I thought it was that you were only aloud to keep native species and that you need a license.


----------



## ian14 (Jan 2, 2008)

kain said:


> I thought it was that you were only aloud to keep native species and that you need a license.


Thats what he said - don't forget that Australian species are exotic to us, but native to them. "Exotic" simply means species not found naturally in whichever country you are talking about. A grass snake is an exotic species outside of Europe.


----------



## thetong6969 (Apr 20, 2009)

i beleive scott wilkinson(owner of captive bred)
has some gilas


----------



## shep1979 (Feb 24, 2008)

yes jerry cole and scot w both keep and breed them so i think there is more than 6 in the country


----------



## gravitation (Nov 4, 2009)

kain said:


> I thought it was that you were only aloud to keep native species and that you need a license.


Yes, only allowed reptiles that are native to australia (besides unkown GTP types) most of which on a licence depending on the state.



ian14 said:


> Thats what he said - don't forget that Australian species are exotic to us, but native to them. "Exotic" simply means species not found naturally in whichever country you are talking about.

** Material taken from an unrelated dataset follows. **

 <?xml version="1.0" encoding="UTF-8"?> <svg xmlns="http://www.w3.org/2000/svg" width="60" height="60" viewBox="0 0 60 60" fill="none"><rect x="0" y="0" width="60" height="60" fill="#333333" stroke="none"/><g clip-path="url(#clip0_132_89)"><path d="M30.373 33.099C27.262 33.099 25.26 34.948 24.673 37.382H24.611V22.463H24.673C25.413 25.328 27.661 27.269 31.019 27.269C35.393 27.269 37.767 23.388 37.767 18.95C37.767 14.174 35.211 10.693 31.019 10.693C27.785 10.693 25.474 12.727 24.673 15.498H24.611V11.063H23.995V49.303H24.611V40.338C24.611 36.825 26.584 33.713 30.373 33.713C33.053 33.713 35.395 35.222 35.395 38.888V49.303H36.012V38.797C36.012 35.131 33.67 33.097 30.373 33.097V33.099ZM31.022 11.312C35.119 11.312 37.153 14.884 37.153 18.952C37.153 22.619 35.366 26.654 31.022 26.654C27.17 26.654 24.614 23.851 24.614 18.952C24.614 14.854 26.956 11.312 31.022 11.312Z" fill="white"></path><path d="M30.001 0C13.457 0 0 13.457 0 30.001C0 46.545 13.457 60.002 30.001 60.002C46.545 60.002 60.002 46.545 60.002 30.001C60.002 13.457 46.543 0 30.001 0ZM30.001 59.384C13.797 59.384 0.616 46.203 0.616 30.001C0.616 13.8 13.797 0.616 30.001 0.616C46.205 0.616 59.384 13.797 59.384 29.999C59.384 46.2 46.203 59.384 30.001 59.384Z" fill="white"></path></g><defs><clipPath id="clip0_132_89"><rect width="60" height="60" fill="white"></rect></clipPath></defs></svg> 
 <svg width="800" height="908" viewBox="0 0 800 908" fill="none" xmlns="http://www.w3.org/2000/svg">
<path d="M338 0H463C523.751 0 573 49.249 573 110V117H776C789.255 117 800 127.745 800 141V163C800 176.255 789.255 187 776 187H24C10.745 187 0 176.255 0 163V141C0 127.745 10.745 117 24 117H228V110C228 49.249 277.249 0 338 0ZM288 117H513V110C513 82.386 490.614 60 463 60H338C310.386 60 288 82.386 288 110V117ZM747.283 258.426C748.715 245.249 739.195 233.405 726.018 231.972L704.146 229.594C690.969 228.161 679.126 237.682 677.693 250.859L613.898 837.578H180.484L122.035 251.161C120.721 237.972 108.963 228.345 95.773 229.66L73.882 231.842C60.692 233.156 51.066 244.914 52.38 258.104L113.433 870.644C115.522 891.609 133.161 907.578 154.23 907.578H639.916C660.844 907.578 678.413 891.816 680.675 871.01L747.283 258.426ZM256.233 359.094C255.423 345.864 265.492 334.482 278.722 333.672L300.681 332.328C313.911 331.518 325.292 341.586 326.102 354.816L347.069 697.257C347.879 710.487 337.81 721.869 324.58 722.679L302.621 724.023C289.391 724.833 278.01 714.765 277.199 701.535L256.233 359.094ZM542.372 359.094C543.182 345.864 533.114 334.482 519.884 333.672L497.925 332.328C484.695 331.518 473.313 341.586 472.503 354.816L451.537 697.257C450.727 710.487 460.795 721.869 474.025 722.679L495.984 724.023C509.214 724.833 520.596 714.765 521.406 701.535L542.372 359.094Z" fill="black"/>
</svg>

A grass snake is an exotic species outside of Europe.


She, haha and yeah what Ian said.


----------



## [email protected] (May 27, 2010)

Are there any links to Jerry Cole, I have a few things to ask him or someone similar in the world of Gila Monsters

Cheers for any assistance


----------



## louodge (Sep 26, 2008)

[email protected] said:


> Are there any links to Jerry Cole, I have a few things to ask him or someone similar in the world of Gila Monsters
> 
> Cheers for any assistance


 
Here are jerrys details

B.J. Herp Supplies,
Purlands Farm, Bridport Road, Dorchester, Dorset, DT2 9DS.
Tel: 01305 261302 or 0777 999 4170

he has bred some this year but im cirtain non are available


----------



## [email protected] (May 27, 2010)

Thanks for that. I shall get in touch.
:2thumb:


----------